You’ve probably heard of 3-$\sigma$ events. What does that exactly mean? First, we need to define volatility of a portfolio:

\[\sigma = \sqrt{w^T\Sigma_rw}\]

which is the standard deviation of returns. If we assume that returns are independent over time T, we get:

\[\sigma_T = \sqrt{\sum_i^Tw_i^T\Sigma_{r_i}w_i}\]

If the volatility is fairly constant (which is usually the case when we’re looking at sub-month intervals), some people just abbreviate this to:

\[\sigma_T \approx \sigma\sqrt{T}\]

A 3-$\sigma$ event is when your observed event (returns) is 3 times the volatility away from the mean. This could mean we made a ton of money or lost a ton of money. You may run into 3-$\sigma$ events more often than expected, and this isn’t only due to the imperfect art of modelling returns. By definition, the $\Sigma_r$ matrix is fixed in the calculation, but this isn’t true in practice. In a catastrophic event (i.e.

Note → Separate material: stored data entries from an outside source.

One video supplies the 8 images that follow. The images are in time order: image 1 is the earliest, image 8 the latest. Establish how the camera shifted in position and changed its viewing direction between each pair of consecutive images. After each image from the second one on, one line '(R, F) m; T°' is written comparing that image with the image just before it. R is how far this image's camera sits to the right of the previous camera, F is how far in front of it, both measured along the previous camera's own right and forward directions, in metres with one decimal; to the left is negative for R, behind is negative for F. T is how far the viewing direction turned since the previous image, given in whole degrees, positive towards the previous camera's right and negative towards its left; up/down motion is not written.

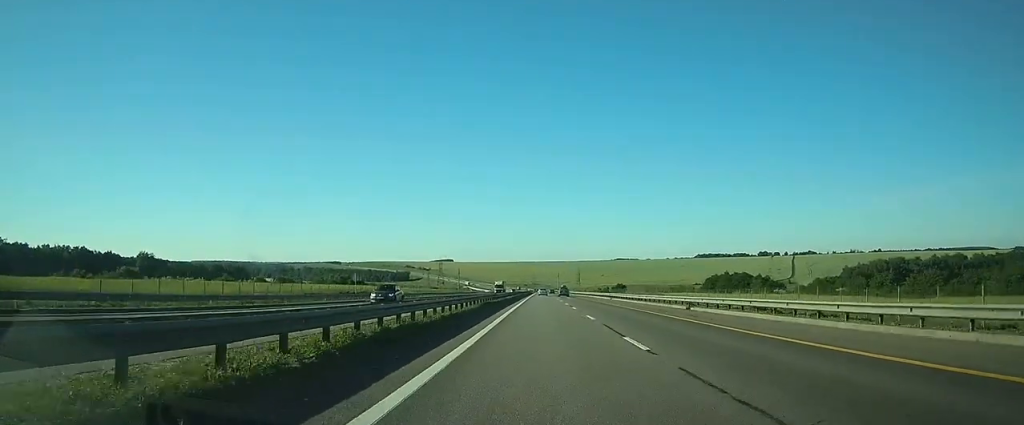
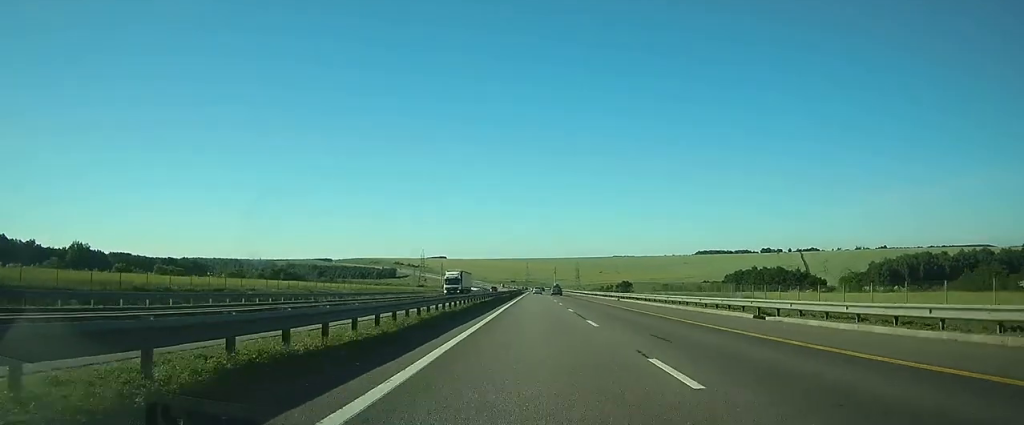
(+0.2, +52.3) m; 0°
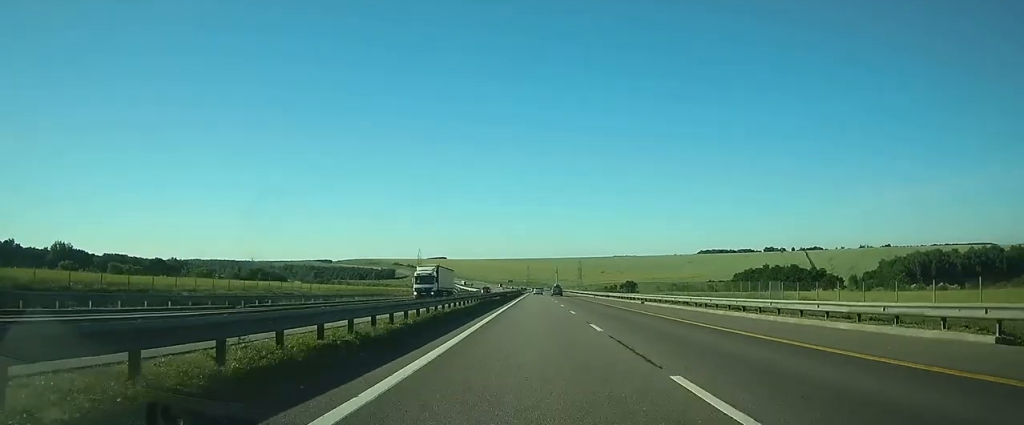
(0.0, +13.9) m; 0°
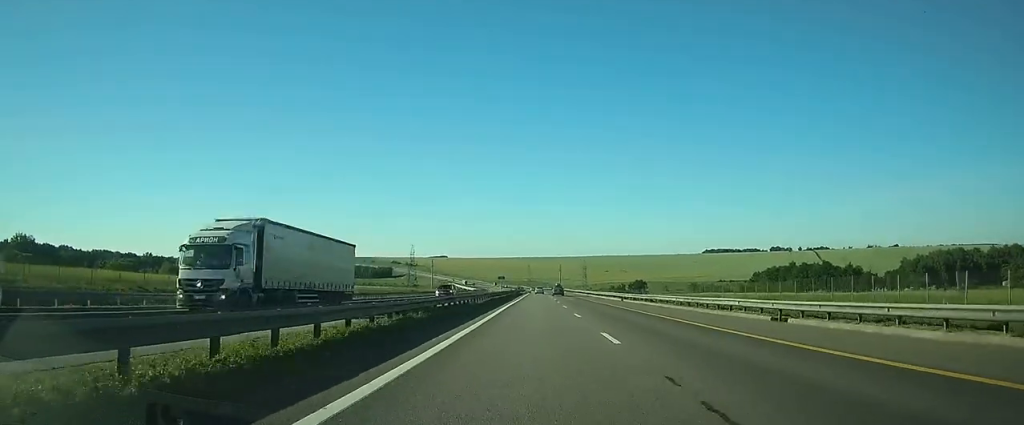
(0.0, +27.7) m; 0°
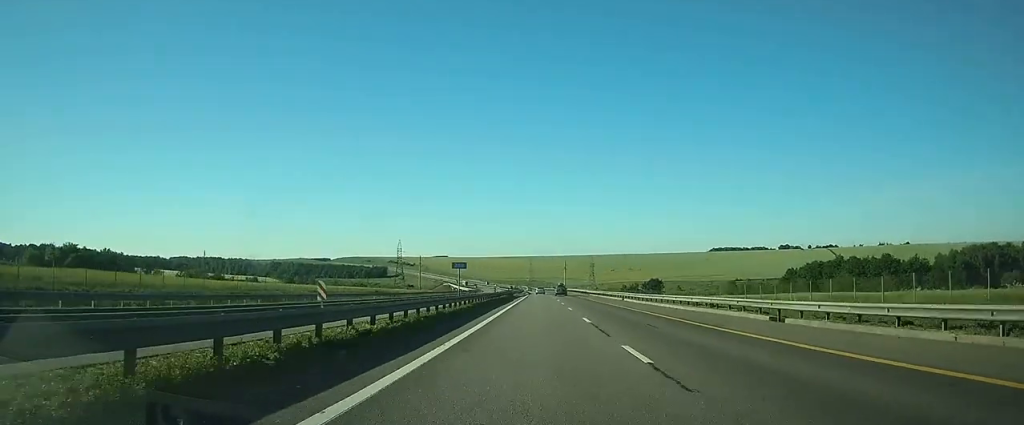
(-0.1, +39.4) m; 0°
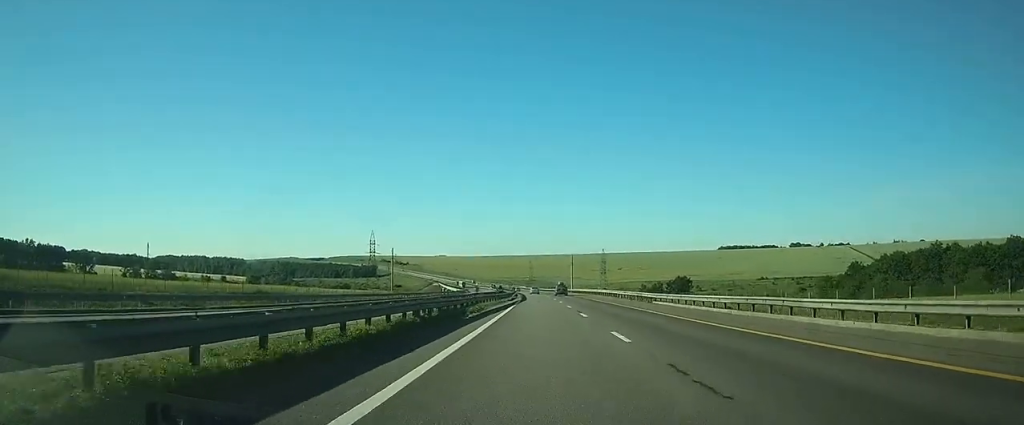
(0.0, +56.4) m; 0°
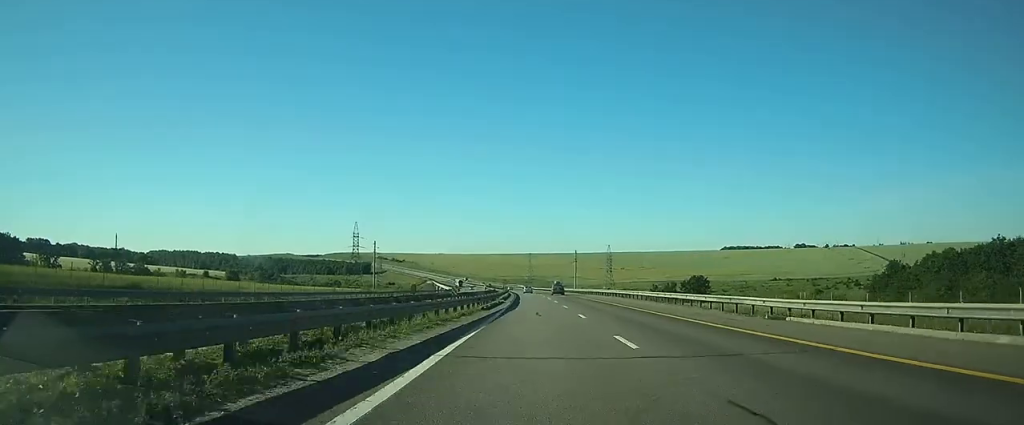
(0.0, +25.6) m; 0°
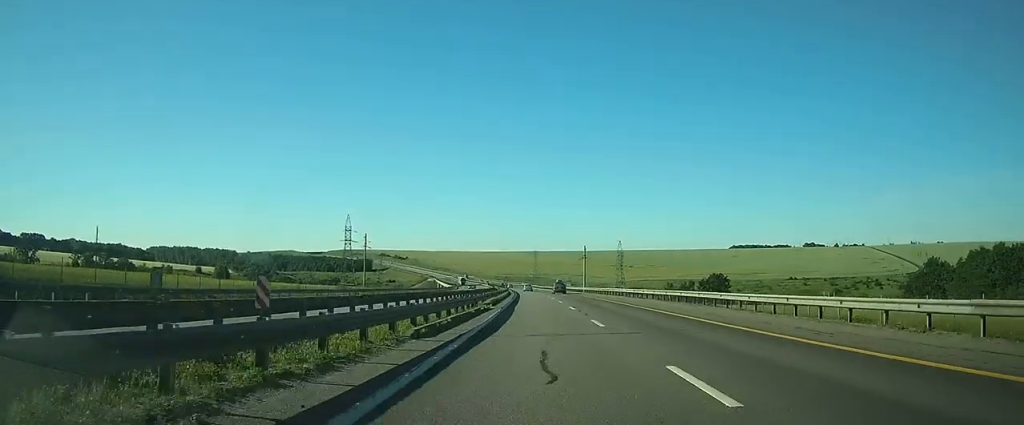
(-0.1, +18.1) m; 0°

Elon Musk tweets the world is going to end in 5 days), the correlation across assets suddenly approaches 1 and the condition number of the covariance matrix skyrockets (the higher the condition number, the more sensitive the estimated returns are to small perturbations in $\Sigma_r$ or $w$). A better way to model an extreme event is to calculate the worst-case transformation of $\Sigma_r$ under stress:

\[\max_M \sqrt{w^TMw} \\ \text{s.t.} ||\Sigma_r - M||_F < C\]

Which is a better model for extreme events. Lots of stress evaluation metrics such as value-at-risk can use the covariance matrix to calculate maximum loss.


Portfolio modellings foundations rest on handcrafted factors, domain knowledge, and lots of linear regression. We first defined what a return is, and move on to modelling the returns using factor models. Then, we mentioned a few ways to formulate the modelling as an optimization problem so we can find the best positions for our portfolio. Lastly, we look at how to attribute money gained/lost and the worst case scenarios that may occur. There’s a lot of stuff I didn’t yet mention (i.e. performance attribution) which I might include in a subsequent post, but I hope this survey into the different parts of risk/portfolio modelling helps!